YOUR OBJECTIVE: Look for "flower" in the material below and show each line that contains it.

DATA SHOWN:
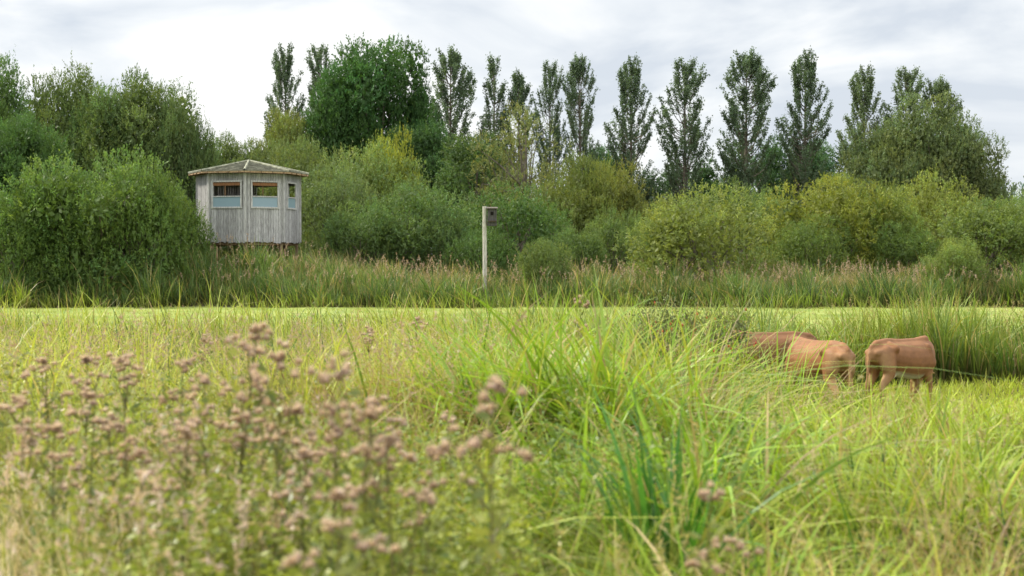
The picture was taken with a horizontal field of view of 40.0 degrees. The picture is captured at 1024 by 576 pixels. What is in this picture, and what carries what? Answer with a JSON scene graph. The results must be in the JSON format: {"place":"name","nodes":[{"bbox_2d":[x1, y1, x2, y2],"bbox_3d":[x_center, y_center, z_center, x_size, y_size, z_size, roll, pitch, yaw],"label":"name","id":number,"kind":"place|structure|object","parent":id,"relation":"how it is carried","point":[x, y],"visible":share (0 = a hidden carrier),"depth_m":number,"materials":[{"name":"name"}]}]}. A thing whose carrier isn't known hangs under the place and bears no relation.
{"place":"outdoors","nodes":[
{"label":"outdoors","id":0,"kind":"place"},
{"bbox_2d":[0,270,1023,421],"bbox_3d":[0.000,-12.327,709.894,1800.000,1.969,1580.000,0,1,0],"label":"meadow ground","id":1,"kind":"structure","parent":0,"point":[822,312],"depth_m":57.53,"materials":[{"name":"green plant"}]},
{"bbox_2d":[0,46,39,144],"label":"willow tree","id":2,"kind":"object","parent":1,"relation":"on","point":[8,102],"visible":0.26,"depth_m":85.43,"materials":[{"name":"green plant"}]},
{"bbox_2d":[0,388,49,574],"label":"thistle plant","id":3,"kind":"object","parent":1,"relation":"on","point":[23,402],"visible":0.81,"depth_m":5.54,"materials":[{"name":"green plant"}]},
{"bbox_2d":[0,184,68,301],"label":"willow bush","id":4,"kind":"object","parent":1,"relation":"on","point":[8,255],"visible":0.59,"depth_m":65.07,"materials":[{"name":"green plant"}]},
{"bbox_2d":[0,107,82,257],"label":"broadleaf tree","id":5,"kind":"object","parent":1,"relation":"on","point":[16,154],"visible":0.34,"depth_m":76.81,"materials":[{"name":"green plant"}]},
{"bbox_2d":[19,357,69,503],"bbox_3d":[-2.213,0.941,6.824,0.291,1.235,0.280,-3,1,-33],"label":"thistle plant","id":6,"kind":"object","parent":1,"relation":"on","point":[43,361],"visible":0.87,"depth_m":6.81,"materials":[{"name":"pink plant"}]},
{"bbox_2d":[10,416,83,575],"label":"thistle plant","id":7,"kind":"object","parent":1,"relation":"on","point":[56,427],"visible":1,"depth_m":4.83,"materials":[{"name":"green plant"}]},
{"bbox_2d":[1,164,111,302],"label":"willow bush","id":8,"kind":"object","parent":1,"relation":"on","point":[74,216],"visible":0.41,"depth_m":65.59,"materials":[{"name":"green plant"}]},
{"bbox_2d":[17,50,108,166],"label":"willow tree","id":9,"kind":"object","parent":1,"relation":"on","point":[46,114],"visible":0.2,"depth_m":90.11,"materials":[{"name":"green plant"}]},
{"bbox_2d":[64,351,115,535],"bbox_3d":[-1.907,0.911,6.392,0.287,1.265,0.257,5,5,43],"label":"thistle plant","id":10,"kind":"object","parent":1,"relation":"on","point":[85,358],"visible":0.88,"depth_m":6.36,"materials":[{"name":"pink plant"}]},
{"bbox_2d":[55,390,126,575],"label":"thistle plant","id":11,"kind":"object","parent":1,"relation":"on","point":[89,395],"visible":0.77,"depth_m":5.60,"materials":[{"name":"green plant"}]},
{"bbox_2d":[0,140,199,296],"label":"willow bush","id":12,"kind":"object","parent":1,"relation":"on","point":[48,185],"visible":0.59,"depth_m":65.44,"materials":[{"name":"green plant"}]},
{"bbox_2d":[49,78,156,245],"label":"willow tree","id":13,"kind":"object","parent":1,"relation":"on","point":[78,137],"visible":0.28,"depth_m":87.03,"materials":[{"name":"green plant"}]},
{"bbox_2d":[81,406,146,574],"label":"thistle plant","id":14,"kind":"object","parent":1,"relation":"on","point":[125,449],"visible":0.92,"depth_m":5.19,"materials":[{"name":"green plant"}]},
{"bbox_2d":[91,346,160,527],"bbox_3d":[-1.708,0.894,6.218,0.304,1.282,0.258,0,2,5],"label":"thistle plant","id":15,"kind":"object","parent":1,"relation":"on","point":[125,361],"visible":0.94,"depth_m":6.21,"materials":[{"name":"pink plant"}]},
{"bbox_2d":[65,62,207,253],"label":"willow tree","id":16,"kind":"object","parent":1,"relation":"on","point":[149,115],"visible":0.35,"depth_m":87.75,"materials":[{"name":"green plant"}]},
{"bbox_2d":[79,152,200,302],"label":"willow bush","id":17,"kind":"object","parent":1,"relation":"on","point":[167,227],"visible":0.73,"depth_m":66.49,"materials":[{"name":"green plant"}]},
{"bbox_2d":[105,447,183,575],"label":"thistle plant","id":18,"kind":"object","parent":1,"relation":"on","point":[138,452],"visible":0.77,"depth_m":4.61,"materials":[{"name":"pink plant"}]},
{"bbox_2d":[131,188,218,269],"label":"willow bush","id":19,"kind":"object","parent":1,"relation":"on","point":[203,249],"visible":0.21,"depth_m":69.83,"materials":[{"name":"green plant"}]},
{"bbox_2d":[155,356,215,566],"bbox_3d":[-1.337,0.906,5.672,0.237,1.277,0.286,5,-5,-40],"label":"thistle plant","id":20,"kind":"object","parent":1,"relation":"on","point":[163,398],"visible":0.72,"depth_m":5.70,"materials":[{"name":"pink plant"}]},
{"bbox_2d":[150,89,221,261],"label":"willow tree","id":21,"kind":"object","parent":1,"relation":"on","point":[194,153],"visible":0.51,"depth_m":86.94,"materials":[{"name":"green plant"}]},
{"bbox_2d":[155,414,225,574],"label":"thistle plant","id":22,"kind":"object","parent":1,"relation":"on","point":[187,433],"visible":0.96,"depth_m":4.92,"materials":[{"name":"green plant"}]},
{"bbox_2d":[172,372,229,574],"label":"thistle plant","id":23,"kind":"object","parent":1,"relation":"on","point":[204,380],"visible":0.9,"depth_m":5.22,"materials":[{"name":"green plant"}]},
{"bbox_2d":[193,128,257,261],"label":"willow tree","id":24,"kind":"object","parent":1,"relation":"on","point":[227,152],"visible":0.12,"depth_m":96.03,"materials":[{"name":"green plant"}]},
{"bbox_2d":[213,399,267,571],"bbox_3d":[-0.971,0.994,5.043,0.291,1.186,0.247,1,-2,-22],"label":"thistle plant","id":25,"kind":"object","parent":1,"relation":"on","point":[244,437],"visible":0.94,"depth_m":5.03,"materials":[{"name":"green plant"}]},
{"bbox_2d":[188,159,308,264],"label":"wooden bird hide","id":26,"kind":"object","parent":1,"relation":"on","point":[238,207],"visible":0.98,"depth_m":71.83,"materials":[{"name":"grey wood"}]},
{"bbox_2d":[196,173,300,242],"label":"window frames","id":27,"kind":"structure","parent":26,"relation":"in","point":[208,174],"depth_m":71.80,"materials":[{"name":"grey wood"}]},
{"bbox_2d":[210,320,293,574],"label":"thistle plant","id":28,"kind":"object","parent":1,"relation":"on","point":[255,329],"visible":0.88,"depth_m":5.17,"materials":[{"name":"green plant"}]},
{"bbox_2d":[226,385,285,566],"bbox_3d":[-1.000,0.966,5.622,0.263,1.181,0.237,-1,1,-36],"label":"thistle plant","id":29,"kind":"object","parent":1,"relation":"on","point":[267,477],"visible":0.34,"depth_m":5.61,"materials":[{"name":"green plant"}]},
{"bbox_2d":[215,136,301,259],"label":"willow tree","id":30,"kind":"object","parent":1,"relation":"on","point":[258,156],"visible":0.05,"depth_m":95.75,"materials":[{"name":"green plant"}]},
{"bbox_2d":[247,349,318,575],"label":"thistle plant","id":31,"kind":"object","parent":1,"relation":"on","point":[279,356],"visible":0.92,"depth_m":4.75,"materials":[{"name":"green plant"}]},
{"bbox_2d":[260,42,306,140],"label":"poplar tree","id":32,"kind":"object","parent":1,"relation":"on","point":[280,65],"visible":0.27,"depth_m":121.15,"materials":[{"name":"green plant"}]},
{"bbox_2d":[258,104,319,181],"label":"broadleaf tree","id":33,"kind":"object","parent":1,"relation":"on","point":[291,126],"visible":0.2,"depth_m":104.97,"materials":[{"name":"green plant"}]},
{"bbox_2d":[253,398,327,575],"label":"thistle plant","id":34,"kind":"object","parent":1,"relation":"on","point":[296,408],"visible":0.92,"depth_m":4.75,"materials":[{"name":"green plant"}]},
{"bbox_2d":[257,131,360,262],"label":"willow bush","id":35,"kind":"object","parent":1,"relation":"on","point":[301,164],"visible":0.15,"depth_m":90.71,"materials":[{"name":"green plant"}]},
{"bbox_2d":[270,445,350,575],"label":"thistle plant","id":36,"kind":"object","parent":1,"relation":"on","point":[304,452],"visible":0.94,"depth_m":4.41,"materials":[{"name":"pink plant"}]},
{"bbox_2d":[297,42,331,131],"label":"poplar tree","id":37,"kind":"object","parent":1,"relation":"on","point":[318,56],"visible":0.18,"depth_m":121.45,"materials":[{"name":"green plant"}]},
{"bbox_2d":[300,348,369,575],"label":"thistle plant","id":38,"kind":"object","parent":1,"relation":"on","point":[335,421],"visible":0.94,"depth_m":4.18,"materials":[{"name":"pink plant"}]},
{"bbox_2d":[288,159,382,262],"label":"willow bush","id":39,"kind":"object","parent":1,"relation":"on","point":[321,194],"visible":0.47,"depth_m":77.81,"materials":[{"name":"green plant"}]},
{"bbox_2d":[278,486,402,575],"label":"thistle plant","id":40,"kind":"object","parent":1,"relation":"on","point":[337,494],"visible":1,"depth_m":3.44,"materials":[{"name":"pink plant"}]},
{"bbox_2d":[296,62,386,174],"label":"oak tree","id":41,"kind":"object","parent":1,"relation":"on","point":[318,129],"visible":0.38,"depth_m":106.14,"materials":[{"name":"green plant"}]},
{"bbox_2d":[289,135,432,259],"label":"willow bush","id":42,"kind":"object","parent":1,"relation":"on","point":[377,175],"visible":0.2,"depth_m":86.03,"materials":[{"name":"green plant"}]},
{"bbox_2d":[329,399,394,575],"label":"thistle plant","id":43,"kind":"object","parent":1,"relation":"on","point":[371,412],"visible":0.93,"depth_m":4.01,"materials":[{"name":"green plant"}]},
{"bbox_2d":[320,202,408,269],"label":"willow bush","id":44,"kind":"object","parent":1,"relation":"on","point":[340,234],"visible":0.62,"depth_m":73.20,"materials":[{"name":"green plant"}]},
{"bbox_2d":[339,394,408,575],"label":"thistle plant","id":45,"kind":"object","parent":1,"relation":"on","point":[373,434],"visible":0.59,"depth_m":4.98,"materials":[{"name":"green plant"}]},
{"bbox_2d":[311,31,440,166],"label":"oak tree","id":46,"kind":"object","parent":1,"relation":"on","point":[362,80],"visible":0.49,"depth_m":107.31,"materials":[{"name":"green plant"}]},
{"bbox_2d":[343,428,437,575],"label":"thistle plant","id":47,"kind":"object","parent":1,"relation":"on","point":[390,439],"visible":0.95,"depth_m":4.01,"materials":[{"name":"pink plant"}]},
{"bbox_2d":[363,121,425,225],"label":"willow bush","id":48,"kind":"object","parent":1,"relation":"on","point":[396,155],"visible":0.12,"depth_m":89.15,"materials":[{"name":"green plant"}]},
{"bbox_2d":[319,176,482,278],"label":"willow bush","id":49,"kind":"object","parent":1,"relation":"on","point":[406,213],"visible":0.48,"depth_m":74.20,"materials":[{"name":"green plant"}]},
{"bbox_2d":[0,337,829,575],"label":"leafy herbs","id":50,"kind":"object","parent":1,"relation":"on","point":[212,526],"visible":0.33,"depth_m":5.47,"materials":[{"name":"green plant"}]},
{"bbox_2d":[385,65,444,169],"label":"oak tree","id":51,"kind":"object","parent":1,"relation":"on","point":[418,113],"visible":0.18,"depth_m":108.08,"materials":[{"name":"green plant"}]},
{"bbox_2d":[386,117,479,212],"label":"broadleaf tree","id":52,"kind":"object","parent":1,"relation":"on","point":[428,148],"visible":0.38,"depth_m":103.64,"materials":[{"name":"green plant"}]},
{"bbox_2d":[395,443,476,575],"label":"thistle plant","id":53,"kind":"object","parent":1,"relation":"on","point":[434,451],"visible":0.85,"depth_m":4.25,"materials":[{"name":"leaf"},{"name":"flower petals"},{"name":"plant stem"}]},
{"bbox_2d":[407,203,478,280],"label":"willow bush","id":54,"kind":"object","parent":1,"relation":"on","point":[443,237],"visible":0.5,"depth_m":73.25,"materials":[{"name":"green plant"}]},
{"bbox_2d":[426,44,477,172],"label":"poplar tree","id":55,"kind":"object","parent":1,"relation":"on","point":[453,62],"visible":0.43,"depth_m":122.93,"materials":[{"name":"green plant"}]},
{"bbox_2d":[422,128,532,250],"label":"bush","id":56,"kind":"object","parent":1,"relation":"on","point":[450,177],"visible":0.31,"depth_m":97.94,"materials":[{"name":"green plant"}]},
{"bbox_2d":[440,226,521,283],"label":"willow bush","id":57,"kind":"object","parent":1,"relation":"on","point":[500,252],"visible":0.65,"depth_m":71.28,"materials":[{"name":"green plant"}]},
{"bbox_2d":[437,371,535,575],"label":"thistle plant","id":58,"kind":"object","parent":1,"relation":"on","point":[483,412],"visible":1,"depth_m":3.84,"materials":[{"name":"leaf"},{"name":"flower petals"},{"name":"plant stem"}]},
{"bbox_2d":[483,206,497,297],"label":"owl box on post","id":59,"kind":"object","parent":1,"relation":"on","point":[489,216],"visible":0.88,"depth_m":66.87,"materials":[{"name":"grey wood"}]},
{"bbox_2d":[471,126,537,243],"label":"ash tree","id":60,"kind":"object","parent":1,"relation":"on","point":[505,168],"visible":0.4,"depth_m":95.62,"materials":[{"name":"green plant"}]},
{"bbox_2d":[476,52,536,247],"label":"poplar tree","id":61,"kind":"object","parent":1,"relation":"on","point":[516,94],"visible":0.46,"depth_m":121.72,"materials":[{"name":"green plant"}]},
{"bbox_2d":[0,261,1023,389],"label":"ditch reeds","id":62,"kind":"object","parent":1,"relation":"on","point":[977,350],"visible":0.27,"depth_m":24.46,"materials":[{"name":"green plant"}]},
{"bbox_2d":[0,273,1023,575],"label":"wild grass","id":63,"kind":"structure","parent":1,"relation":"on","point":[902,483],"depth_m":7.55,"materials":[{"name":"green plant"}]},
{"bbox_2d":[0,261,1023,575],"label":"sedge clumps","id":64,"kind":"object","parent":1,"relation":"on","point":[546,365],"visible":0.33,"depth_m":9.44,"materials":[{"name":"green plant"}]},
{"bbox_2d":[0,234,1023,308],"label":"reed bed","id":65,"kind":"object","parent":1,"relation":"on","point":[369,291],"visible":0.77,"depth_m":65.41,"materials":[{"name":"green plant"}]},
{"bbox_2d":[0,233,1023,575],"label":"grass seed heads","id":66,"kind":"object","parent":1,"relation":"on","point":[140,495],"depth_m":6.64,"materials":[{"name":"plant"}]},
{"bbox_2d":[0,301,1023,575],"bbox_3d":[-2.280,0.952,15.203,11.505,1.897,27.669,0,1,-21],"label":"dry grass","id":67,"kind":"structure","parent":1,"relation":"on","point":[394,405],"depth_m":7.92,"materials":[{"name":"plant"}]},
{"bbox_2d":[451,179,574,280],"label":"willow bush","id":68,"kind":"object","parent":1,"relation":"on","point":[527,219],"visible":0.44,"depth_m":81.33,"materials":[{"name":"green plant"}]},
{"bbox_2d":[465,99,576,240],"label":"ash tree","id":69,"kind":"object","parent":1,"relation":"on","point":[524,177],"visible":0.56,"depth_m":94.61,"materials":[{"name":"green plant"}]},
{"bbox_2d":[512,236,577,294],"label":"willow bush","id":70,"kind":"object","parent":1,"relation":"on","point":[545,257],"visible":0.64,"depth_m":67.52,"materials":[{"name":"green plant"}]},
{"bbox_2d":[525,59,567,196],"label":"poplar tree","id":71,"kind":"object","parent":1,"relation":"on","point":[555,85],"visible":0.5,"depth_m":120.50,"materials":[{"name":"green plant"}]},
{"bbox_2d":[505,168,625,270],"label":"willow bush","id":72,"kind":"object","parent":1,"relation":"on","point":[562,199],"visible":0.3,"depth_m":88.75,"materials":[{"name":"green plant"}]},
{"bbox_2d":[547,223,614,279],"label":"willow bush","id":73,"kind":"object","parent":1,"relation":"on","point":[575,244],"visible":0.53,"depth_m":75.38,"materials":[{"name":"green plant"}]},
{"bbox_2d":[560,52,604,187],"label":"poplar tree","id":74,"kind":"object","parent":1,"relation":"on","point":[577,71],"visible":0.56,"depth_m":121.39,"materials":[{"name":"green plant"}]},
{"bbox_2d":[555,145,626,260],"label":"willow bush","id":75,"kind":"object","parent":1,"relation":"on","point":[583,182],"visible":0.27,"depth_m":90.72,"materials":[{"name":"green plant"}]},
{"bbox_2d":[580,202,644,281],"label":"willow bush","id":76,"kind":"object","parent":1,"relation":"on","point":[609,233],"visible":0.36,"depth_m":79.43,"materials":[{"name":"green plant"}]},
{"bbox_2d":[586,154,671,258],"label":"willow bush","id":77,"kind":"object","parent":1,"relation":"on","point":[629,194],"visible":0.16,"depth_m":92.50,"materials":[{"name":"green plant"}]},
{"bbox_2d":[603,52,662,218],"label":"poplar tree","id":78,"kind":"object","parent":1,"relation":"on","point":[629,84],"visible":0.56,"depth_m":121.67,"materials":[{"name":"green plant"}]},
{"bbox_2d":[647,56,713,255],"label":"poplar tree","id":79,"kind":"object","parent":1,"relation":"on","point":[695,135],"visible":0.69,"depth_m":120.25,"materials":[{"name":"green plant"}]},
{"bbox_2d":[616,267,767,379],"bbox_3d":[2.179,0.773,17.541,1.974,2.076,1.562,0,1,-23],"label":"wild rose bush","id":80,"kind":"object","parent":1,"relation":"on","point":[666,316],"visible":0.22,"depth_m":17.59,"materials":[{"name":"green plant"}]},
{"bbox_2d":[430,357,958,575],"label":"iris plants","id":81,"kind":"object","parent":1,"relation":"on","point":[642,507],"visible":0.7,"depth_m":5.94,"materials":[{"name":"green plant"}]},
{"bbox_2d":[611,178,787,285],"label":"willow bush","id":82,"kind":"object","parent":1,"relation":"on","point":[712,243],"visible":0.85,"depth_m":70.49,"materials":[{"name":"green plant"}]},
{"bbox_2d":[672,479,764,575],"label":"thistle plant","id":83,"kind":"object","parent":1,"relation":"on","point":[699,561],"visible":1,"depth_m":4.26,"materials":[{"name":"leaf"},{"name":"flower petals"},{"name":"plant stem"}]},
{"bbox_2d":[710,46,778,256],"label":"poplar tree","id":84,"kind":"object","parent":1,"relation":"on","point":[751,67],"visible":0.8,"depth_m":120.31,"materials":[{"name":"green plant"}]},
{"bbox_2d":[691,175,801,272],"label":"willow bush","id":85,"kind":"object","parent":1,"relation":"on","point":[753,198],"visible":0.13,"depth_m":88.97,"materials":[{"name":"green plant"}]},
{"bbox_2d":[720,132,809,227],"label":"broadleaf tree","id":86,"kind":"object","parent":1,"relation":"on","point":[775,171],"visible":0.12,"depth_m":124.51,"materials":[{"name":"green plant"}]},
{"bbox_2d":[713,330,818,396],"bbox_3d":[3.562,1.140,20.626,1.888,1.043,0.501,0,1,10],"label":"brown cow","id":87,"kind":"object","parent":1,"relation":"on","point":[782,337],"visible":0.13,"depth_m":20.47},
{"bbox_2d":[769,45,836,215],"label":"poplar tree","id":88,"kind":"object","parent":1,"relation":"on","point":[798,150],"visible":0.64,"depth_m":120.30,"materials":[{"name":"green plant"}]},
{"bbox_2d":[760,211,859,279],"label":"willow bush","id":89,"kind":"object","parent":1,"relation":"on","point":[802,239],"visible":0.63,"depth_m":75.07,"materials":[{"name":"green plant"}]},
{"bbox_2d":[778,138,853,210],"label":"broadleaf tree","id":90,"kind":"object","parent":1,"relation":"on","point":[821,154],"visible":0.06,"depth_m":124.11,"materials":[{"name":"green plant"}]},
{"bbox_2d":[778,336,855,406],"bbox_3d":[4.127,1.219,19.404,0.524,1.082,1.938,0,1,-16],"label":"brown cow","id":91,"kind":"object","parent":1,"relation":"on","point":[840,351],"visible":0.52,"depth_m":18.80},
{"bbox_2d":[749,165,910,279],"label":"willow bush","id":92,"kind":"object","parent":1,"relation":"on","point":[833,200],"visible":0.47,"depth_m":77.74,"materials":[{"name":"green plant"}]},
{"bbox_2d":[834,61,891,188],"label":"poplar tree","id":93,"kind":"object","parent":1,"relation":"on","point":[858,97],"visible":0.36,"depth_m":113.16,"materials":[{"name":"green plant"}]},
{"bbox_2d":[834,115,920,204],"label":"willow tree","id":94,"kind":"object","parent":1,"relation":"on","point":[859,167],"visible":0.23,"depth_m":110.79,"materials":[{"name":"green plant"}]},
{"bbox_2d":[830,177,926,274],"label":"willow bush","id":95,"kind":"object","parent":1,"relation":"on","point":[913,223],"visible":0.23,"depth_m":78.28,"materials":[{"name":"green plant"}]},
{"bbox_2d":[850,220,943,280],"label":"willow bush","id":96,"kind":"object","parent":1,"relation":"on","point":[900,242],"visible":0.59,"depth_m":75.95,"materials":[{"name":"green plant"}]},
{"bbox_2d":[865,335,935,406],"bbox_3d":[5.526,1.196,19.722,0.623,1.043,1.701,1,1,41],"label":"brown cow","id":97,"kind":"object","parent":1,"relation":"on","point":[894,356],"visible":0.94,"depth_m":19.38},
{"bbox_2d":[869,65,931,142],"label":"poplar tree","id":98,"kind":"object","parent":1,"relation":"on","point":[908,78],"visible":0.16,"depth_m":113.28,"materials":[{"name":"green plant"}]},
{"bbox_2d":[873,131,938,244],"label":"willow tree","id":99,"kind":"object","parent":1,"relation":"on","point":[906,177],"visible":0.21,"depth_m":107.26,"materials":[{"name":"green plant"}]},
{"bbox_2d":[854,82,988,246],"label":"willow tree","id":100,"kind":"object","parent":1,"relation":"on","point":[918,136],"visible":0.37,"depth_m":107.65,"materials":[{"name":"green plant"}]},
{"bbox_2d":[877,163,998,269],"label":"willow bush","id":101,"kind":"object","parent":1,"relation":"on","point":[924,198],"visible":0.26,"depth_m":82.43,"materials":[{"name":"green plant"}]},
{"bbox_2d":[919,74,964,138],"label":"poplar tree","id":102,"kind":"object","parent":1,"relation":"on","point":[937,88],"visible":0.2,"depth_m":113.23,"materials":[{"name":"green plant"}]},
{"bbox_2d":[917,236,988,295],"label":"willow bush","id":103,"kind":"object","parent":1,"relation":"on","point":[958,258],"visible":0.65,"depth_m":67.11,"materials":[{"name":"green plant"}]},
{"bbox_2d":[906,189,1023,282],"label":"willow bush","id":104,"kind":"object","parent":1,"relation":"on","point":[1005,236],"visible":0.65,"depth_m":70.81,"materials":[{"name":"green plant"}]},
{"bbox_2d":[916,118,1014,216],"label":"willow tree","id":105,"kind":"object","parent":1,"relation":"on","point":[992,181],"visible":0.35,"depth_m":105.93,"materials":[{"name":"green plant"}]},
{"bbox_2d":[0,0,1023,204],"label":"sky","id":106,"kind":"structure","parent":0,"point":[226,48],"materials":[{"name":"white"}]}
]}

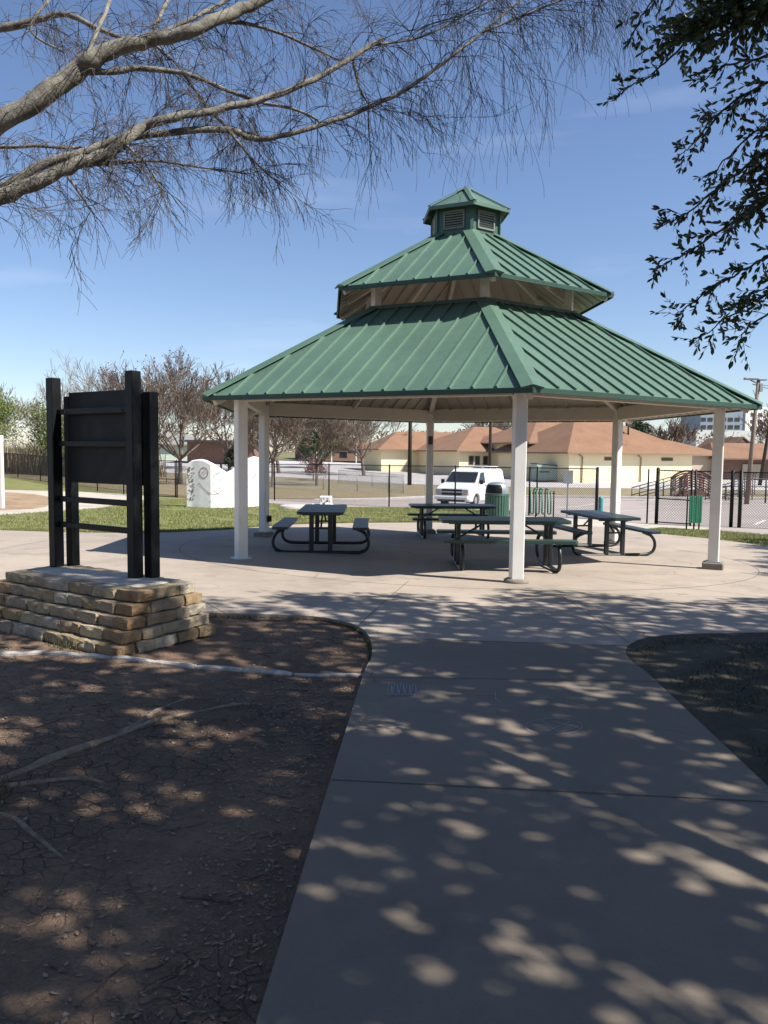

ANSWER TO THIS EXERCISE:
{"bbox_2d":[395,443,476,575],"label":"thistle plant","id":53,"kind":"object","parent":1,"relation":"on","point":[434,451],"visible":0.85,"depth_m":4.25,"materials":[{"name":"leaf"},{"name":"flower petals"},{"name":"plant stem"}]},
{"bbox_2d":[437,371,535,575],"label":"thistle plant","id":58,"kind":"object","parent":1,"relation":"on","point":[483,412],"visible":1,"depth_m":3.84,"materials":[{"name":"leaf"},{"name":"flower petals"},{"name":"plant stem"}]},
{"bbox_2d":[672,479,764,575],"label":"thistle plant","id":83,"kind":"object","parent":1,"relation":"on","point":[699,561],"visible":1,"depth_m":4.26,"materials":[{"name":"leaf"},{"name":"flower petals"},{"name":"plant stem"}]},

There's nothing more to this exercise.